「新斗! 死なないで! あんたがいないとこの先どうなるのよ!」
「新斗くん! 新斗くんっ!」
……声が聞こえる。
聞き馴染みのある声だ。
意外と可愛い声してるんだよなぁ……。
バチンッ!
「いとぅあっ!」
「あっ起きました!」
「一葉ちゃんナイス!」
えっ? さっきの一葉ちゃん? めっちゃ痛いんですけど! でも……
「柔らかい……まるでマシュマロのようだ」
「きゃー!」
バチンッ!
「だから痛いって!」
「だって私の胸を……! でも、生きてて良かった」
「かろうじてな」
今は杏沙に膝枕をされている状態のようだ。
手足を動かせないので、頭を動かして感触を確かめることしかできない。
もどかしいぜ……。
「そういえば、タロウは?」
「あんたの横よ」
身体に鈍い痛みを走らせながら横を見てみる。
すると相手の方から声を掛けてきた。
「うらやましいな……膝枕」
「……だろ?」
タロウも俺と同じように指一本動かせないみたいだ。
本来ならしゃべることすらキツイはずなのに、タロウはしゃべり続ける。
「友人ガチャでお前みたいなやつと巡り合えたら……僕は……」
「それはどうだろうな……。俺はボクサーパンツ派、それに対してお前はブリーフ派だ」
「ふっ。そうだったな。……いいか? 最後に真面目な話だ。これだけは覚えておけよ。俺を倒したところで、魔法少女様には絶対に勝てない。あの人は別格だ。いいか、絶対に見た目に惑わされるな。あの人こそが幼い女の子の皮を被った悪魔そのものだ」
「忠告さんきゅ。覚悟しておくよ」
「ふふっ………。……………………………………」
タロウは笑っていた。
そしてそのまま灰になり、天高く舞い散った。
「そうだダピル、俺のスマホを持ってるか?」
「あんた、こんなときになんでスマホなのよ。それに持って来てるわけ————」
「持ってきてるピ」
「なんで⁉」
「時間がきてゲージが溜まったら、すぐにゲームをプレイできるようにしたいらしいピ。でも、ダピルを荷物持ち扱いするのはやめてほしいピ!」
「俺は無類の無課金ユーザーだからな。

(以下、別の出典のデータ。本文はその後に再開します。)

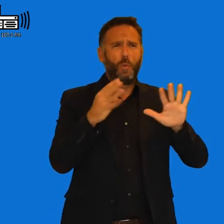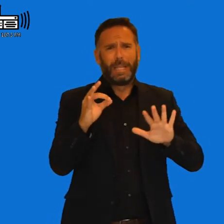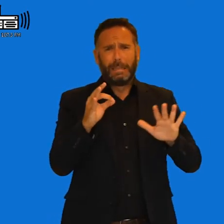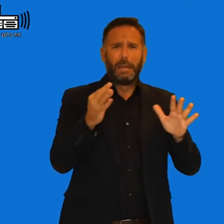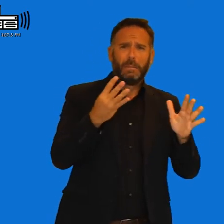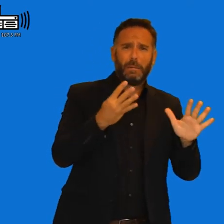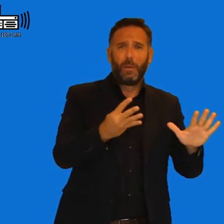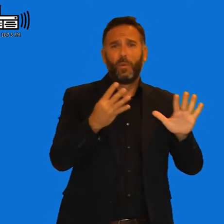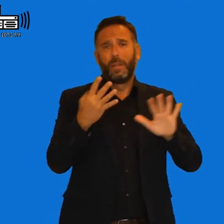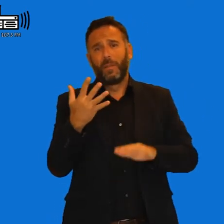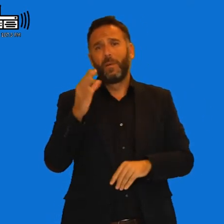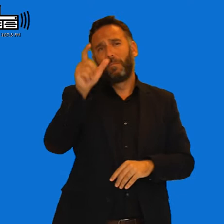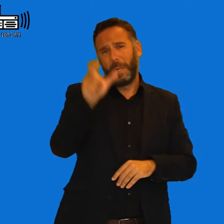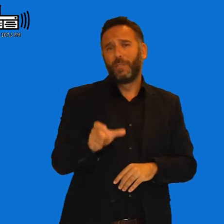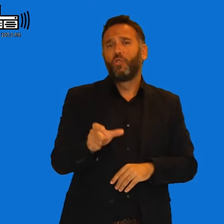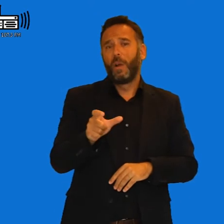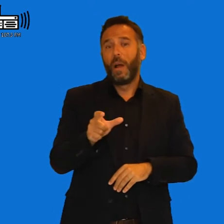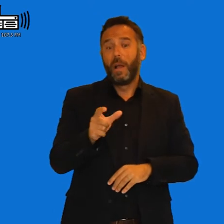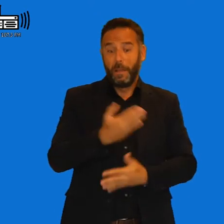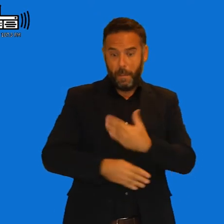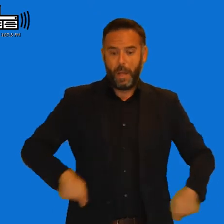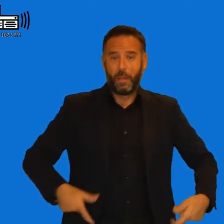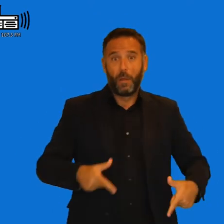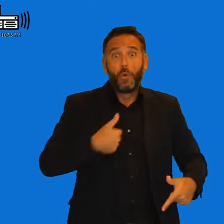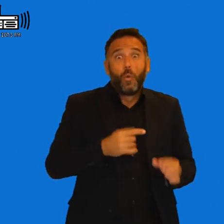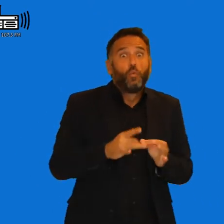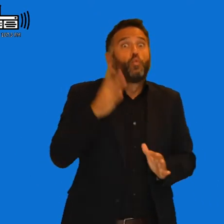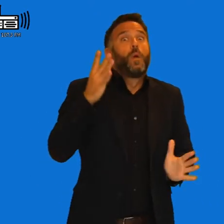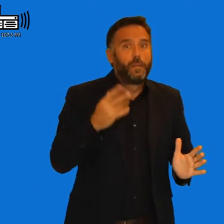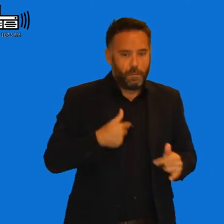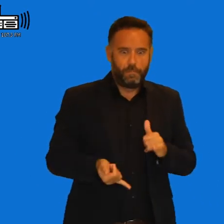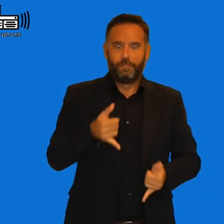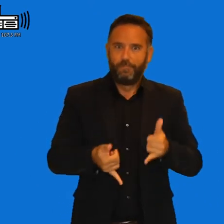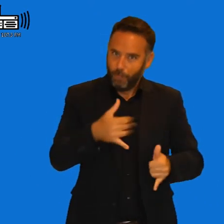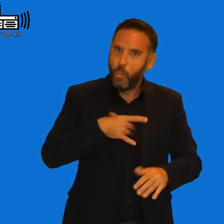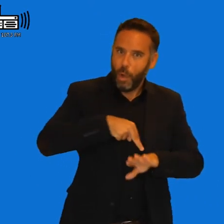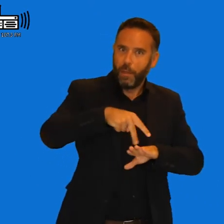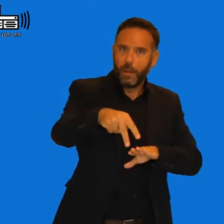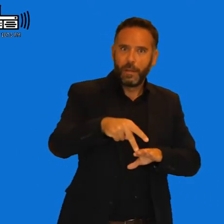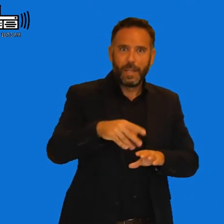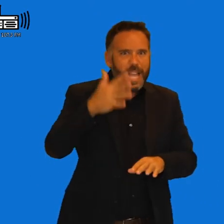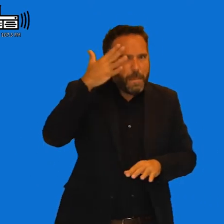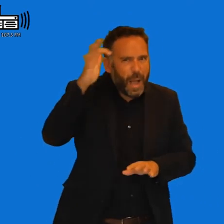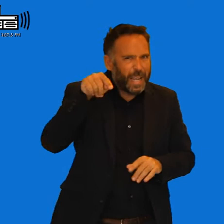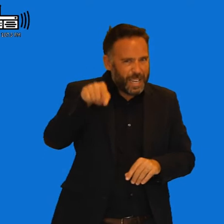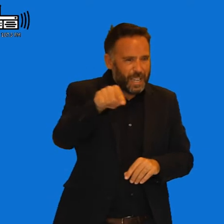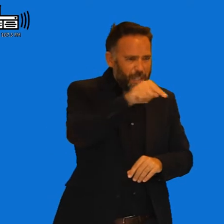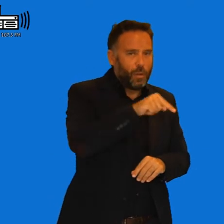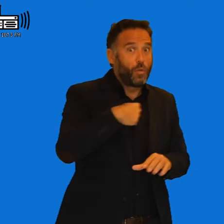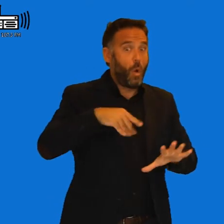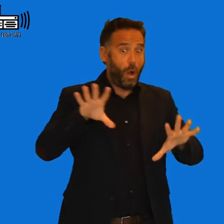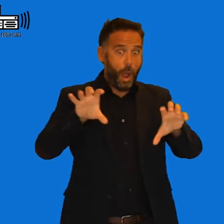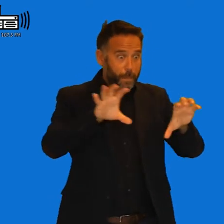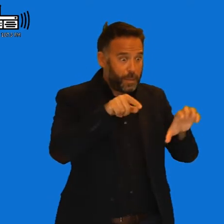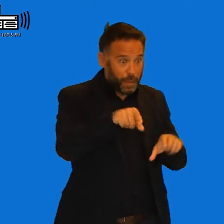con escena de bífida están en silla de ruedas. Yo, afortunadamente, tuve la suerte de no tener que estar en silla de ruedas. Ajá. Y no os podéis ni imaginar lo que yo he aprendido de

お金で何も買えない分、時間を切り詰めて頑張るしかないんだよ」
そう言いながら『ウォーター・ウェア―・ストーリー』を起動。
すると、ガチャの途中の画面が出てきた。
そうか、出撃前にガチャを引いたんだっけ。
確かあのガチャ演出的に相当なレアものが手に入るはず。
来てくれ……! マリンちゃんのSSR!
ピカーンッ
ガチャの中身を確認する。
「ははっ!」
思わずその結果に笑ってしまった。
どこの誰だかは分からないが、ある人がこう言った。
『人生はゲームのガチャと同じ』だと。
確かにその通りだ。
生まれてくる場所も巡り合う人も自分にはどうしようもできないことはある。
そう言った意味では、人生はガチャと同じで運ゲーなのかもしれない。
でも、それでいいじゃん。
そこで巡り合ってしまった以上は、それと付き合っていき、自分で変えられるところは、必死に足掻いて少しでも方向が変わるように努力するしかない。
そんなことは分かってるって?
そうだよな。
だけど、言葉にしないと分からないことだってある。
だから俺はあえて言おう。
人生を変えたければ、自分で動くしかない。
ただひたすら前を向いて。
だって……人生にリセマラなんてないんだから。